What is expected
Copy down the listing below exactly. Do not include pictures.

[[ Record set, beginning ]]

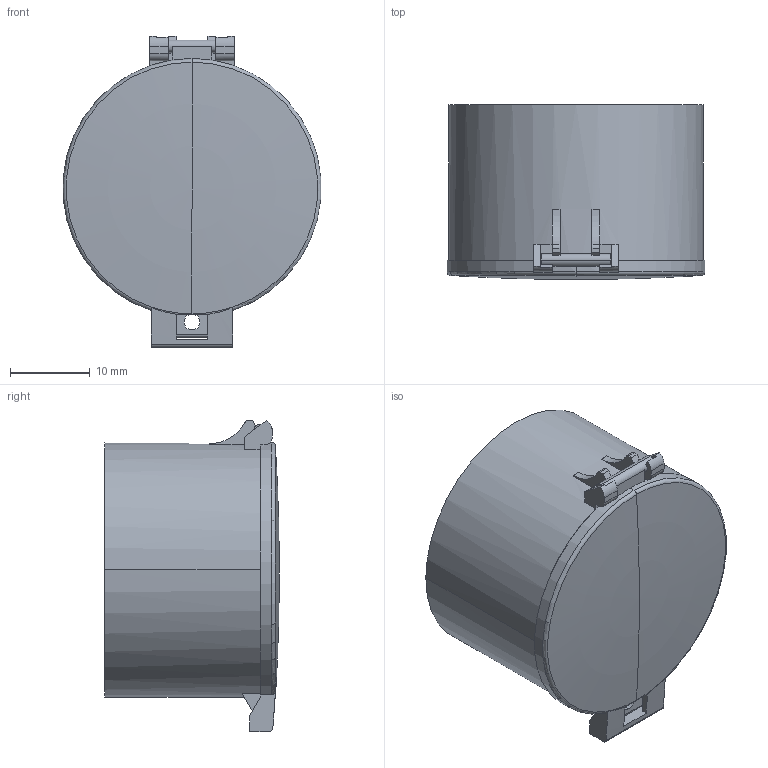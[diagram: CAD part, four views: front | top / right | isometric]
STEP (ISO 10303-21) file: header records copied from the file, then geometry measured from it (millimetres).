
FILE_DESCRIPTION(('no description'),'unknown implementation level');
FILE_NAME('3084_3SU1900-0DA70-0AA0_3D_v.stp',' ',('SIEMENS A&D'),('CADClick - KiM GmbH - www.kimweb.de'),'unknown preprocess','ACIS','unknown authorization');
FILE_SCHEMA(('automotive_design'));
Length unit declared in the file: millimetre
Products named in the file (1): 0
Bounding box: 32.4 x 21.95 x 39.11 mm (x, y, z)
Volume: 3604.9 mm3; surface area: 6883.2 mm2
Topology: 1 solids, 1 shells, 123 faces, 355 edges, 227 vertices
Faces by surface type: plane 71, cylinder 40, torus 10, cone 2
Entity records: 8143 total; most frequent: CARTESIAN_POINT 903, DIRECTION 718, ORIENTED_EDGE 706, STYLED_ITEM 704, PRESENTATION_STYLE_ASSIGNMENT 704, COLOUR_RGB 704, EDGE_CURVE 353, CURVE_STYLE 353

[[ Record set, end ]]

Expected answer
[diagram: CAD part, four views: front | top / right | isometric]
STEP (ISO 10303-21) file: header records copied from the file, then geometry measured from it (millimetres).
FILE_DESCRIPTION(('no description'),'unknown implementation level');
FILE_NAME('3084_3SU1900-0DA70-0AA0_3D_v.stp',' ',('SIEMENS A&D'),('CADClick - KiM GmbH - www.kimweb.de'),'unknown preprocess','ACIS','unknown authorization');
FILE_SCHEMA(('automotive_design'));
Length unit declared in the file: millimetre
Products named in the file (1): 0
Bounding box: 32.4 x 21.95 x 39.11 mm (x, y, z)
Volume: 3604.9 mm3; surface area: 6883.2 mm2
Topology: 1 solids, 1 shells, 123 faces, 355 edges, 227 vertices
Faces by surface type: plane 71, cylinder 40, torus 10, cone 2
Entity records: 8143 total; most frequent: CARTESIAN_POINT 903, DIRECTION 718, ORIENTED_EDGE 706, STYLED_ITEM 704, PRESENTATION_STYLE_ASSIGNMENT 704, COLOUR_RGB 704, EDGE_CURVE 353, CURVE_STYLE 353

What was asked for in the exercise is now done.